– Да ты не Валек, ты Валенок! – засмеялся Василий.
– Не Валенок. А Валерий Николаевич так-то, – с фальшивой обидой ответил Валерий. – Так меня величают домашние. Ты же знаешь, что я Визард по паспорту, – важно, но мягко продолжал Валерий Николаевич.
– Да это все Коля. Я помню. Из-за него ты стал Валерием.
– Так и было. Но мне так больше нравится.
Это было до, а сегодня – после.
Маргарита, глядя, куда был направлен Васькин взор, тяжело вздохнула:
– Ну пойдем, Вась.
Рядом с Марго было тяжело и легко одновременно.
«Нужно держаться рядом», – подумал Васька.
Васька, поворачиваясь к Маргарите, коснулся взглядом номера отдыхавшей с дороги машины.
«Три „В“. Где же ты маленькая беленькая „В“?» – размышлял Вася.
– Ва-а-ась, – вывела его из раздумий Маргарита. – Пойдем?
Васька подошел к двери, куда уже отступила Маргарита. В это время выглянул Николай:
– Где там наш Василий Николаевич? (При этих словах Марго печально улыбнулась.) – Заходи, Василек, заходи, сынок. Пошли обедать.
И Васька подошел к своим. Потерся им о ноги. Марго присела и протянула к Ваське руки. А он, накрутивши хвостом положенное число оборотов, скользнул в ее объятия.
«Люблю ее, Марго. Нашу с тобой Марго», – промурлыкал Васька.
Серия 2.
Время для любимых
В этот день после обеда Николай остался работать дома. Мог себе позволить и пользовался этим довольно часто. Николай, как считали некоторые эксперты жизни, а по совместительству соседи неподалеку, вообще любил прохлаждаться дома, то есть был писателем. А писать – дело непыльное.
«Можешь отвлечься и подремать или кино посмотреть», – особенно часто так думала о Николаевом труде добропорядочная и сердечная гражданка, дама в годах и за стенкой – баба Тома.

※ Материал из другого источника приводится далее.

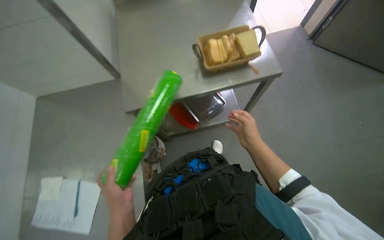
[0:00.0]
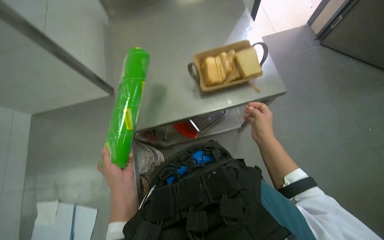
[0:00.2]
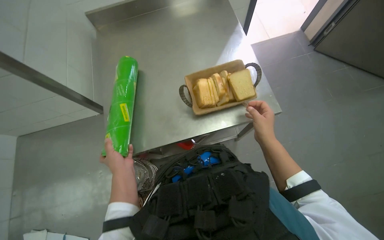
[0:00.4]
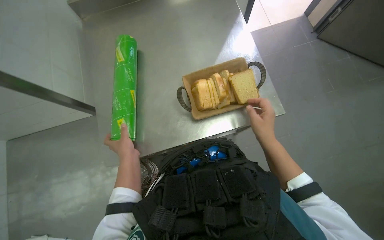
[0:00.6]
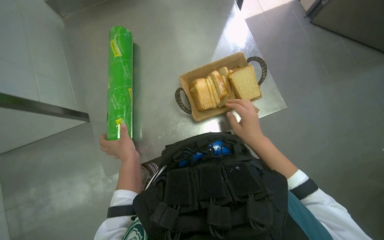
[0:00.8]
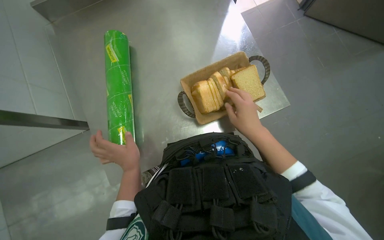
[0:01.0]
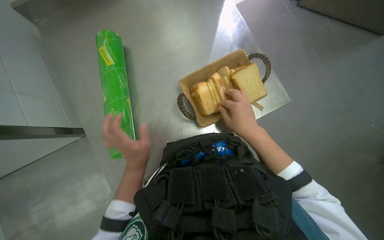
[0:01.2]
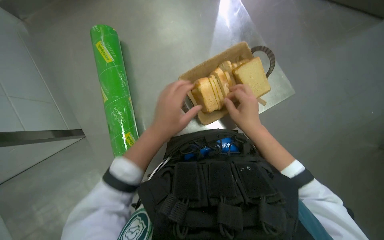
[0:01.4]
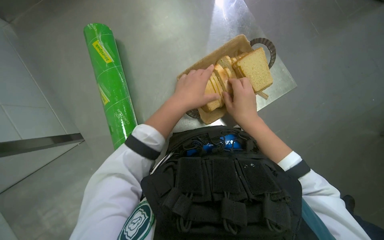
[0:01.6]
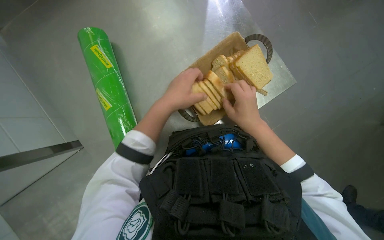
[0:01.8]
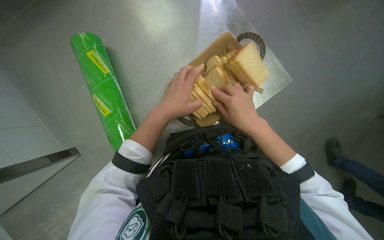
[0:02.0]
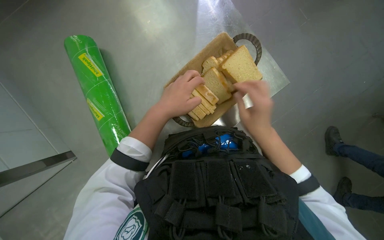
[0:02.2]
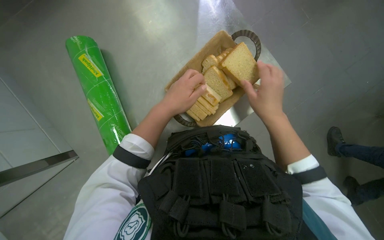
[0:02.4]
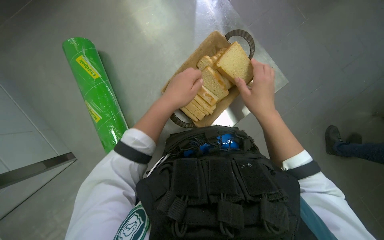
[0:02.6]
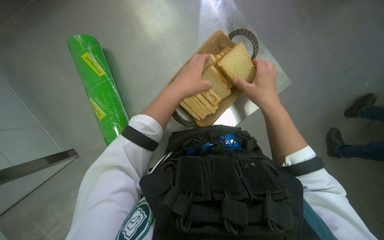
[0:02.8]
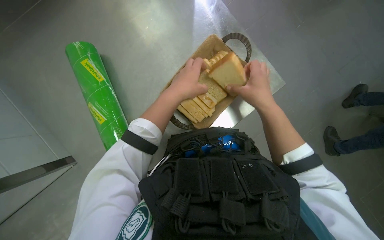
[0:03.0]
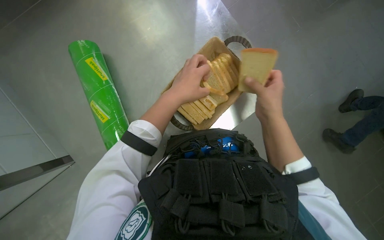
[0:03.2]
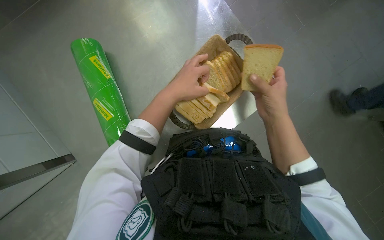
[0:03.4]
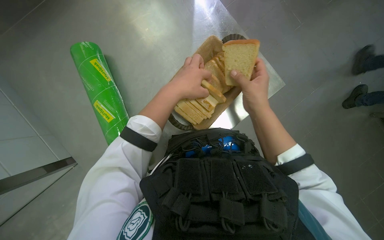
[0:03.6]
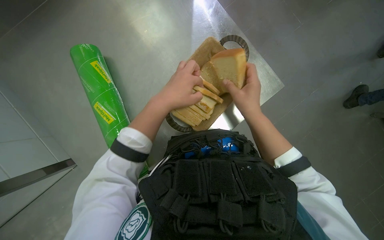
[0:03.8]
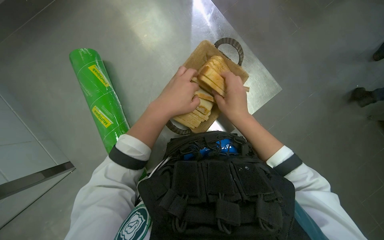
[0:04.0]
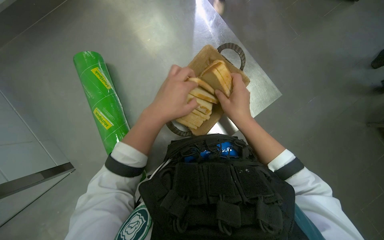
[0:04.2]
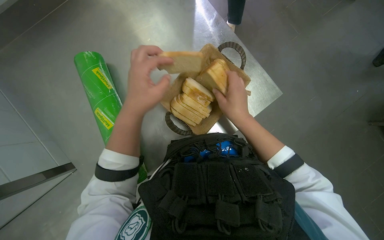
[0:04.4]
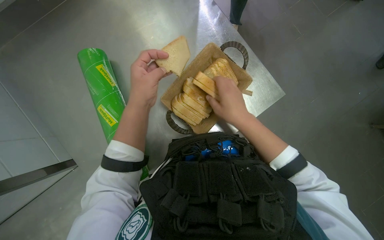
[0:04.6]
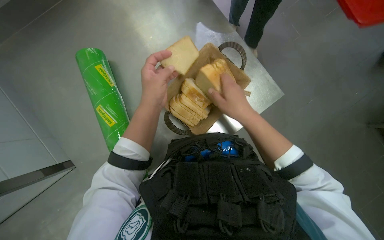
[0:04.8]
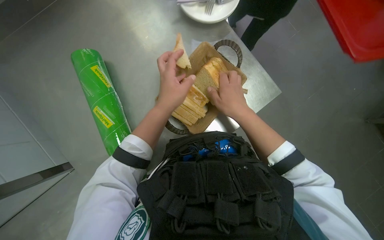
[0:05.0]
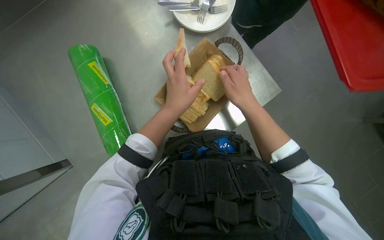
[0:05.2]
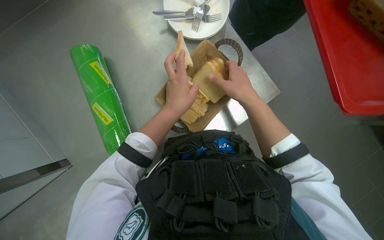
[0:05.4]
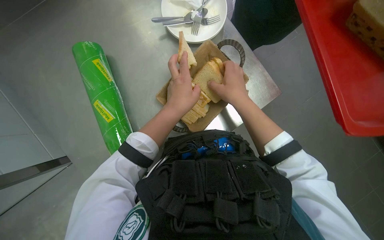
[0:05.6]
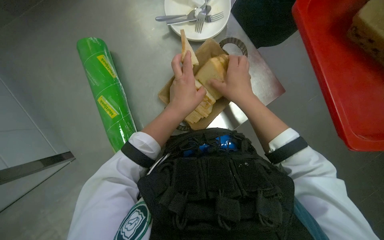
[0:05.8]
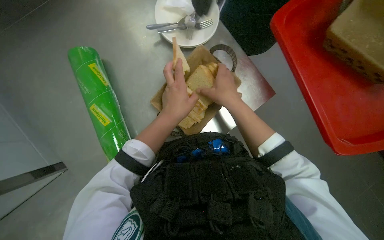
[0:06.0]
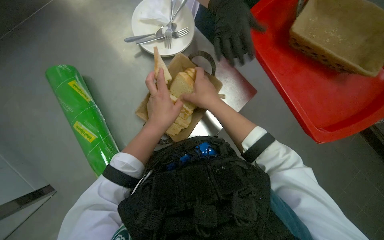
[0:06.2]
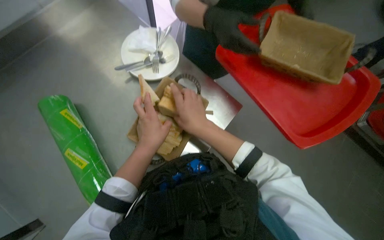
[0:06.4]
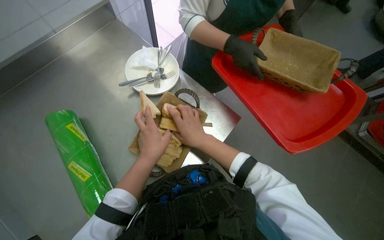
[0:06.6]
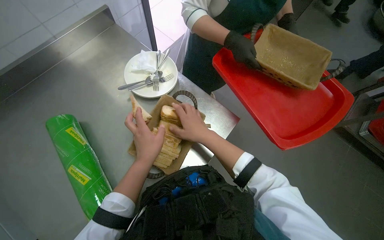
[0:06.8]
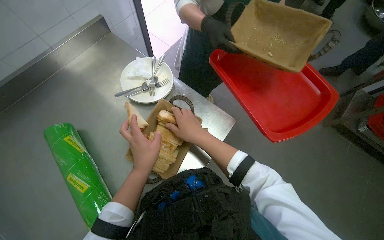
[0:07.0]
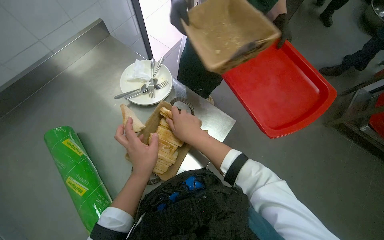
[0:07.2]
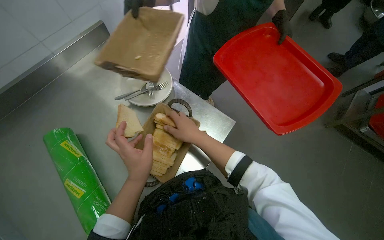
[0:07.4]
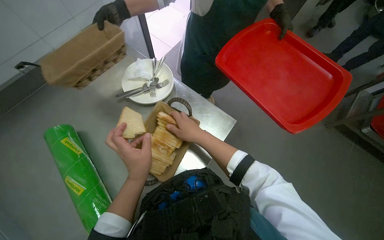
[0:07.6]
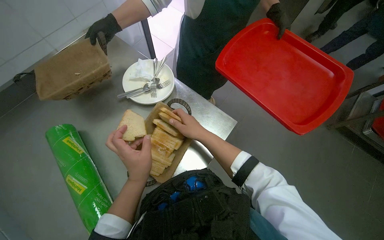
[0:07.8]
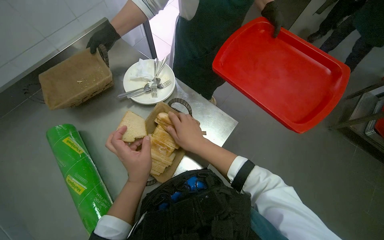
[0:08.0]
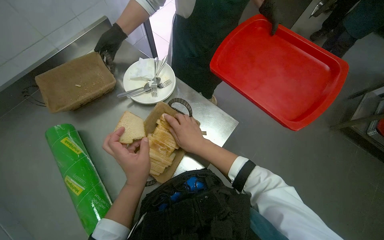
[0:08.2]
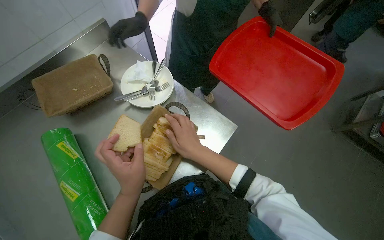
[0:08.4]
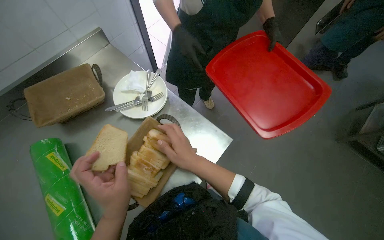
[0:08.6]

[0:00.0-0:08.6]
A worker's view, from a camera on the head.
Job: preparing food.
The whole recording: Arranging bread in basket. The worker arranges the bread in the basket.
0:00.0 to 0:01.4: The camera is carried roughly 40 cm. The view tilts roughly 15 degrees downward.
0:01.4 to 0:02.8: The left hand is displaced up the picture by some 10 cm.
0:02.8 to 0:04.4: The hands are busy where they are.
0:04.4 to 0:05.8: The hands work in one place, with small movements.
0:05.8 to 0:07.2: The camera pitches upward, by about 20 degrees.

Окна кабинета у Шубских выходили на кухню бабы Томы. Рабочий стол Николая и Маргариты был вплотную приставлен к окну. И участливой бабе Томе приходилось видеть, как неправильно они живут.
«Да еще и яблоня эта, будь она неладна!» – частенько переживала соседка. Сколько же неудобств бабушке доставляла эта кучерявая красавица летом. Все пыталась своими веточками закрыть милые хозяйские окна.

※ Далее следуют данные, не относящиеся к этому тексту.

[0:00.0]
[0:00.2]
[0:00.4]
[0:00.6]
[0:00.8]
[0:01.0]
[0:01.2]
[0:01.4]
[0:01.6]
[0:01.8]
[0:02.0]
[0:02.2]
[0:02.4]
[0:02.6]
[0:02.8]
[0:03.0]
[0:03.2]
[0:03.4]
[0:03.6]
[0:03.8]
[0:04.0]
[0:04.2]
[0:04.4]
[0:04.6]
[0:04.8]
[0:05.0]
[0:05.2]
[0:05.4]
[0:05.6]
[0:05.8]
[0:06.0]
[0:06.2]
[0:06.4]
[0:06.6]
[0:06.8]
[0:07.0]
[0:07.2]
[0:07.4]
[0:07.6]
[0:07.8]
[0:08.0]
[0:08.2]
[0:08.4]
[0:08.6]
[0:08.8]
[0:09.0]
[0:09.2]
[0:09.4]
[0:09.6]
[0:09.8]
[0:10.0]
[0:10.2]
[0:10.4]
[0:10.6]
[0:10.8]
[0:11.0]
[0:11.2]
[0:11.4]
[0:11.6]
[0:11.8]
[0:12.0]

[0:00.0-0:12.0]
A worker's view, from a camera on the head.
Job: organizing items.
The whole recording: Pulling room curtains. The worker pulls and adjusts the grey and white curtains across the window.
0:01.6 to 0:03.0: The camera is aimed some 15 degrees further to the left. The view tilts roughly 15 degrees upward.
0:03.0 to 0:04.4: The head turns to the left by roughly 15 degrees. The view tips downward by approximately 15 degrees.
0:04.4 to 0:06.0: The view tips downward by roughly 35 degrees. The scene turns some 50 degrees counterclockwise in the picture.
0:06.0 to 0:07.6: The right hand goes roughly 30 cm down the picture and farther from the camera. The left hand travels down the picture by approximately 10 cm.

«Я встала, а он уже сидит, яйца пожарила – еще сидит, суп сварила – до сих пор на стуле, в магазин сбегала, а он и поныне… Интересно, обедал хоть, нет? И так не может, видимо, физически работать, только сидя кое-что делает. Бедненький, еще же хилее будет», – мысли подобного рода не раз крутились в голове у бабы Томы.